Evaluation of a high-throughput repetitive-sequence-based PCR system for DNA fingerprinting of Mycobacterium tuberculosis and Mycobacterium avium complex strains

Abstract

Repetitive-sequence-based PCR (rep-PCR) is useful for generating DNA fingerprints of diverse bacterial and fungal species. Rep-PCR amplicon fingerprints represent genomic segments lying between repetitive sequences. A commercial system that electrophoretically separates rep-PCR amplicons on microfluidic chips, and provides computer-generated readouts of results has been adapted for use with Mycobacterium species. The ability of this system to type M. tuberculosis and M. avium complex (MAC) isolates was evaluated. M. tuberculosis strains (n = 56) were typed by spoligotyping with rep-PCR as a high-resolution adjunct. Results were compared with those generated by a standard approach of spoligotyping with IS6110-targeted restriction fragment length polymorphism (IS6110-RFLP) as the high-resolution adjunct. The sample included 11 epidemiologically and genotypically linked outbreak isolates and a population-based sample of 45 isolates from recent immigrants to Seattle, Wash., from the African Horn countries of Somalia, Eritrea, and Ethiopia. Twenty isolates exhibited unique spoligotypes and were not analyzed further. Of the 36 outbreak and African Horn isolates with nonunique spoligotypes, 23 fell into four clusters identified by IS6110-RFLP and rep-PCR, with 97% concordance observed between the two methods. Both approaches revealed extensive strain heterogeneity within the African Horn sample, consistent with a predominant pattern of reactivation of latent infections in this immigrant population. Rep-PCR exhibited 89% concordance with IS1245-RFLP typing of 28 M. avium subspecies avium strains. For M. tuberculosis as well as M. avium subspecies avium, the discriminative power of rep-PCR equaled or exceeded that of RFLP. Rep-PCR also generated DNA fingerprints from M. intracellulare (n = 8) and MAC(x) (n = 2) strains. It shows promise as a fast, unified method for high-throughput genotypic fingerprinting of multiple Mycobacterium species.

FIG. 1.

Rep-PCR analysis of 25 African Horn immigrant isolates and 11 Seattle outbreak isolates. A dendrogram (A) and gel-like images (E) were generated on coded DNA samples by Bacterial Barcodes, Inc. Correct strain identifications (B), spoligogroups (C), and IS6110-RFLP clusters (D), corresponding with nomenclature used in Table 1, were added by the authors. NT, not typeable by IS6110-RFLP. Strains without RFLP cluster designations had unique IS6110-RFLP patterns.

FIG. 2.

IS6110-RFLP patterns of the four major multistrain clusters of M. tuberculosis isolates in Fig. 1. The image was constructed from a single gel. Because some lanes exhibited stronger signals than others, a composite of long exposure and short exposure images was constructed. M. tuberculosis strain H37Ra patterns are shown on each end.

FIG. 3.

Rep-PCR analysis of M. avium subspecies avium samples. The dendrogram (A) and gel-like images (D) were generated on coded DNA samples by Bacterial Barcodes, Inc. Correct strain identifications (B) and IS1245-RFLP clusters (C) were added by the authors. Duplicate samples are marked with asterisks.
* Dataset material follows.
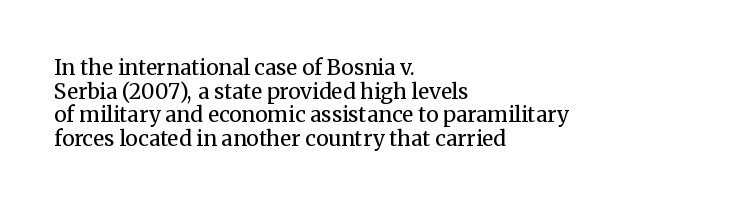
The image shows 21 px text type, upright; set left-aligned, tight line spacing (1.12x), normal letter spacing, not underlined.

NT, not typeable by IS1245-RFLP.

FIG. 4.

IS1245-RFLP patterns of the four major multistrain clusters of M. avium subspecies avium isolates in Fig. 3. The image was constructed from a single gel as in Fig. 2, except for the two lanes marked with asterisks. DNA from these two strains was incompletely digested in the main gel image of cluster B. Therefore, an image from a second gel was added to better document the similarity between these two strains.

FIG. 5.

Rep-PCR analysis of Mycobacterium intracellulare (MI) and MAC_X samples. The dendrogram (A) and gel-like images (D) were generated on coded DNA samples by Bacterial Barcodes, Inc. Correct strain identifications (B) and species (C) were added by the authors.